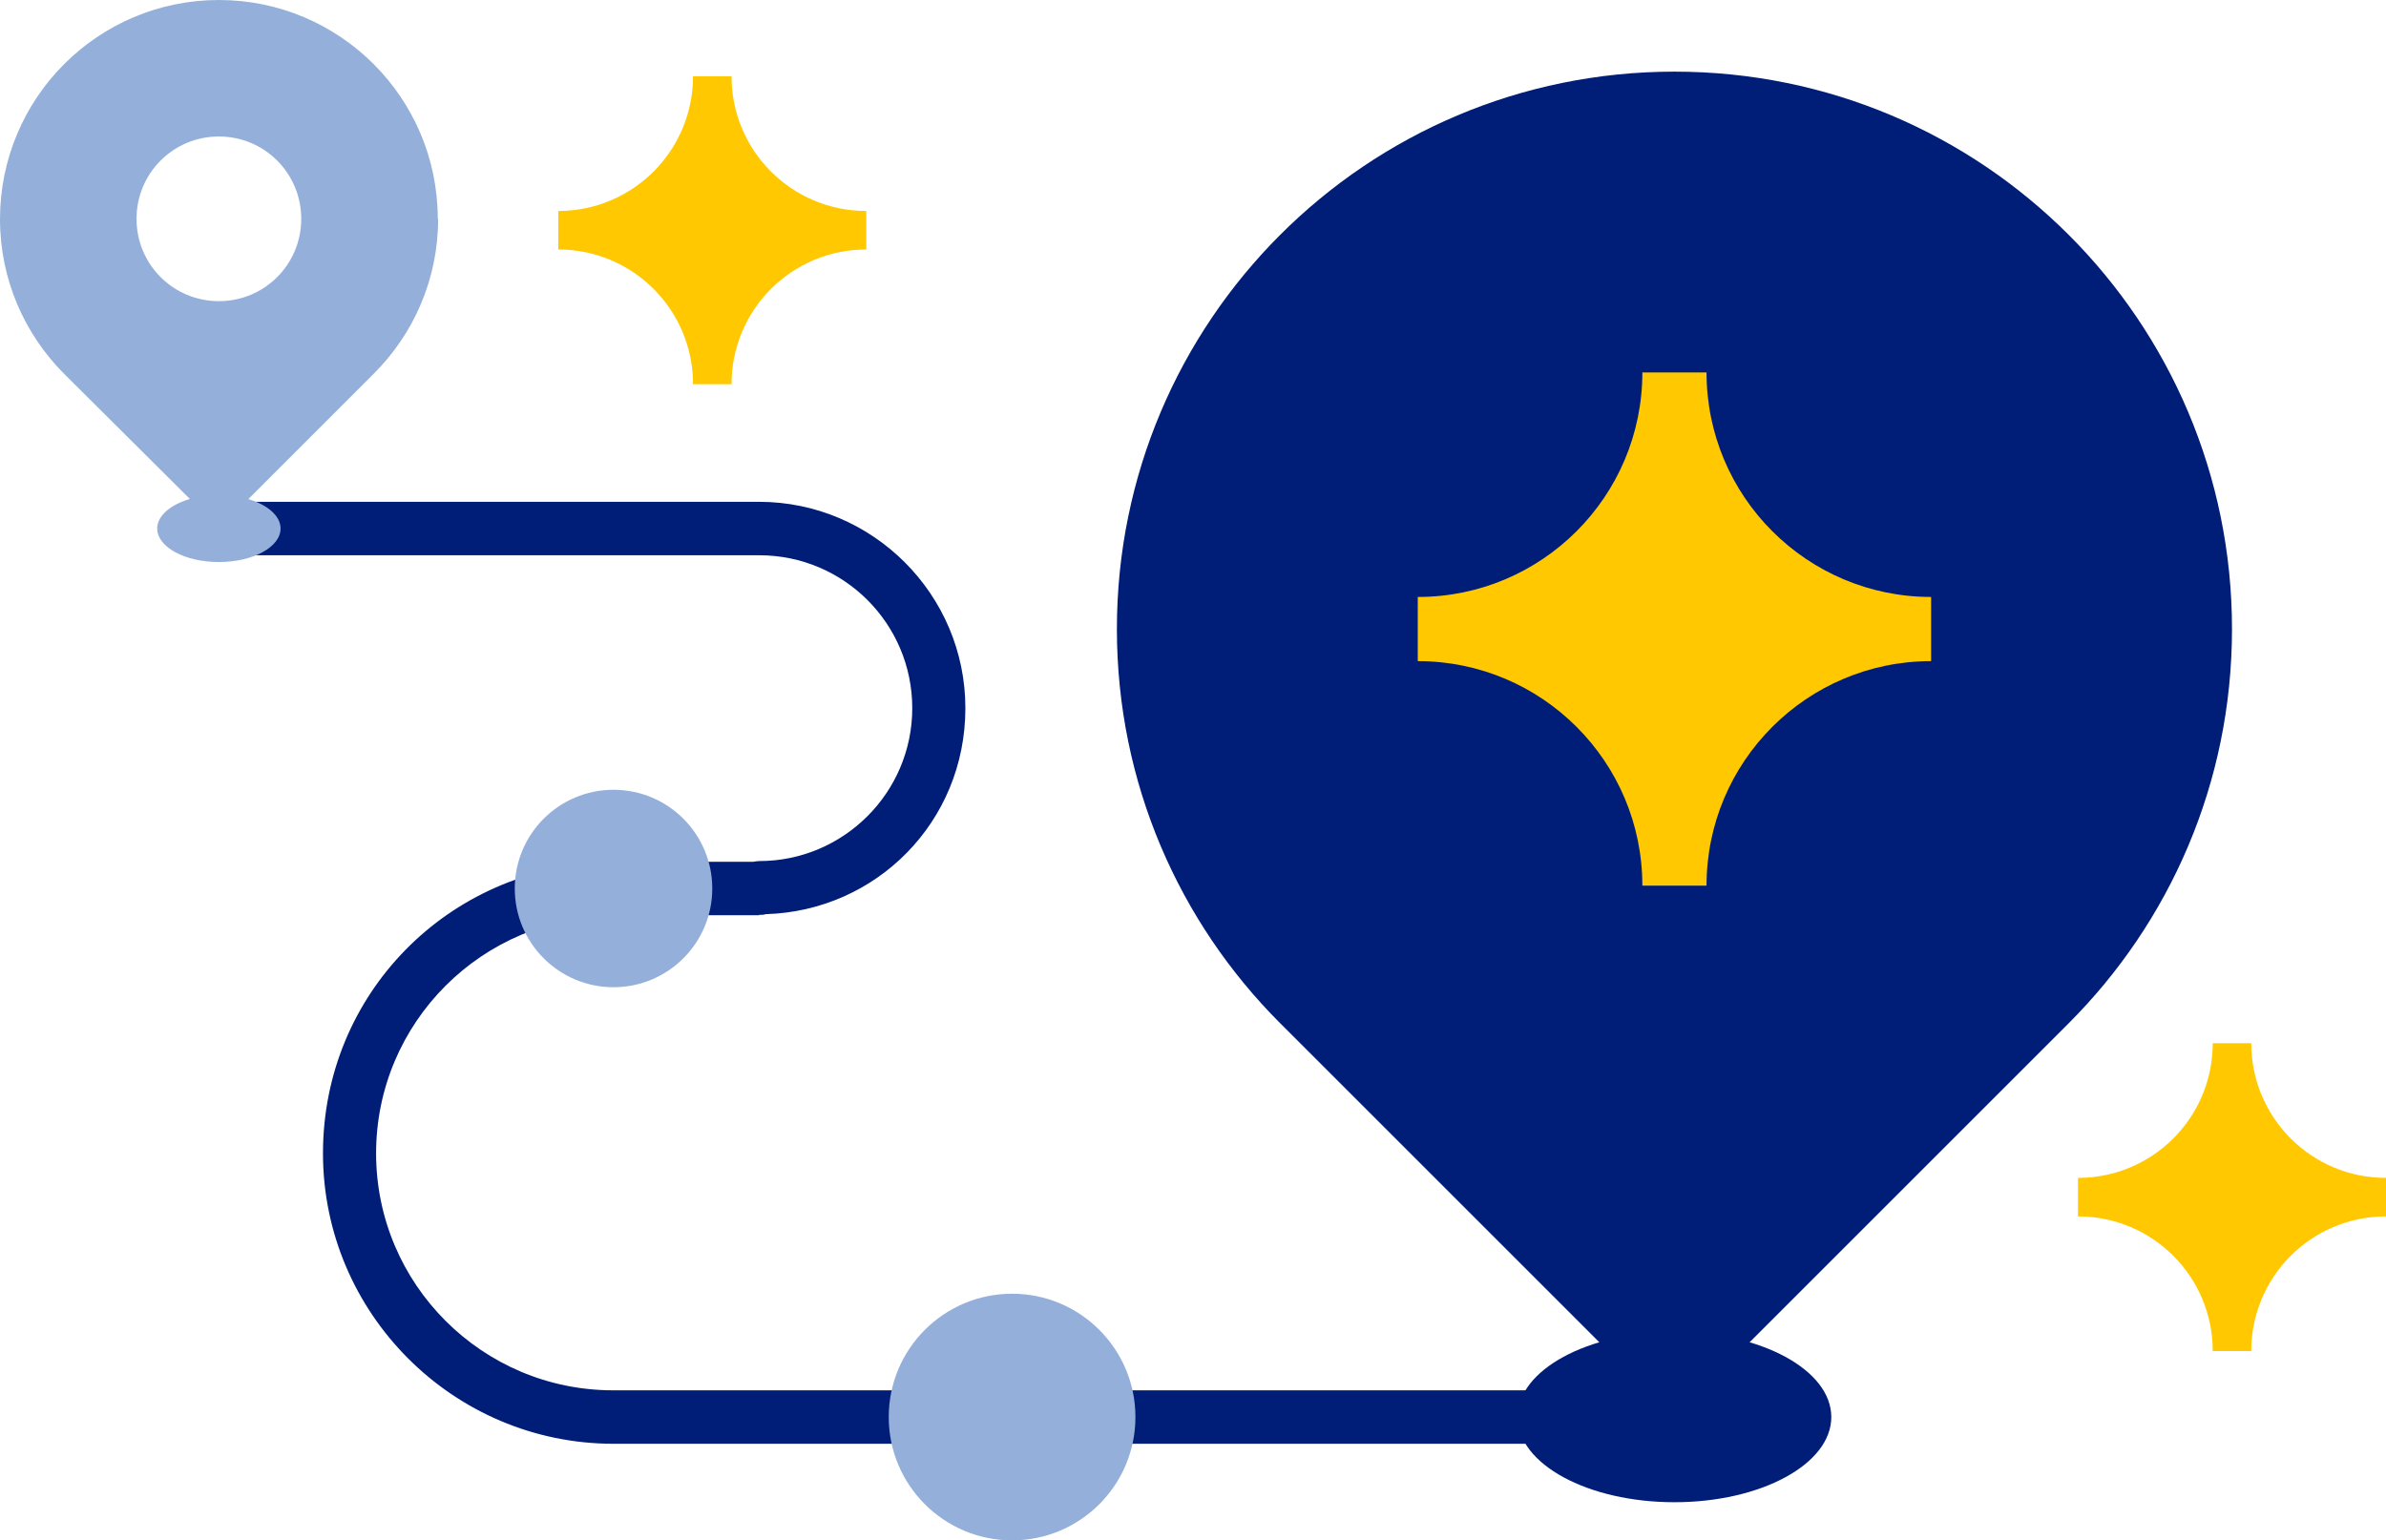 <?xml version="1.0" encoding="UTF-8"?>
<svg xmlns="http://www.w3.org/2000/svg" id="Layer_2" viewBox="0 0 66.93 43.22">
  <g id="Layer_1-2">
    <path d="M46.97,40.51h-29.76c-4.49,0-8.15-3.66-8.15-8.15s3.54-8.03,7.94-8.15c.07-.02.14-.03.21-.03h2.43c.41,0,.75.34.75.75s-.34.75-.75.75h-2.23c-.07.02-.13.03-.21.03-3.67,0-6.65,2.98-6.65,6.65s2.98,6.65,6.65,6.65h29.76c.41,0,.75.34.75.75s-.34.75-.75.75Z" fill="#001e78"></path>
    <path d="M21.3,25.68h-1.65c-.41,0-.75-.34-.75-.75s.34-.75.75-.75h1.48c.06-.01.11-.02.17-.02,2.36,0,4.29-1.92,4.29-4.29s-1.92-4.29-4.29-4.29H6.14c-.41,0-.75-.34-.75-.75s.34-.75.75-.75h15.15c3.19,0,5.79,2.6,5.79,5.79s-2.5,5.69-5.6,5.78c-.06.02-.12.02-.19.02Z" fill="#001e78"></path>
    <path d="M12.29,6.14c0,1.7-.69,3.23-1.8,4.34l-4.34,4.34L1.8,10.49c-1.11-1.11-1.8-2.65-1.8-4.34C0,2.75,2.75,0,6.14,0s6.14,2.75,6.14,6.14ZM6.14,3.83c-1.28,0-2.31,1.03-2.31,2.31s1.03,2.31,2.31,2.31,2.31-1.03,2.31-2.31-1.03-2.31-2.31-2.31Z" fill="#94b0da"></path>
    <circle cx="17.21" cy="24.93" r="2.77" fill="#94b0da"></circle>
    <ellipse cx="6.14" cy="14.83" rx="1.73" ry=".94" fill="#94b0da"></ellipse>
    <ellipse cx="46.97" cy="39.76" rx="4.4" ry="2.39" fill="#001e78"></ellipse>
    <circle cx="28.39" cy="39.76" r="3.46" fill="#94b0da"></circle>
    <path d="M46.97,2.01c-8.64,0-15.64,7-15.64,15.64,0,4.32,1.75,8.23,4.58,11.06l11.06,11.06,11.06-11.06c2.83-2.83,4.58-6.74,4.58-11.06,0-8.64-7-15.64-15.64-15.64Z" fill="#001e78"></path>
    <path d="M54.17,16.75h0c-3.48,0-6.3-2.82-6.3-6.3h0s-1.8,0-1.8,0h0c0,3.48-2.82,6.3-6.3,6.3h0v1.8h0c3.48,0,6.3,2.82,6.3,6.3h0s1.8,0,1.8,0h0c0-3.48,2.82-6.3,6.3-6.3h0v-1.8Z" fill="#ffc800"></path>
    <path d="M66.93,33.05h0c-2.09,0-3.78-1.69-3.78-3.78h0s-1.08,0-1.08,0h0c0,2.09-1.69,3.78-3.78,3.78h0v1.08h0c2.09,0,3.78,1.69,3.78,3.78h0s1.08,0,1.08,0h0c0-2.09,1.69-3.78,3.78-3.78h0v-1.08Z" fill="#ffc800"></path>
    <path d="M24.3,5.92h0c-2.09,0-3.78-1.69-3.78-3.78h0s-1.08,0-1.08,0h0c0,2.09-1.69,3.78-3.78,3.78h0v1.08h0c2.09,0,3.78,1.69,3.78,3.78h0s1.08,0,1.08,0h0c0-2.09,1.69-3.78,3.78-3.78h0v-1.08Z" fill="#ffc800"></path>
  </g>
</svg>

_ _ _ _

Activity — Answer with a number alone. It should equal the count of lines in the entries that hold "circle".

Response — 2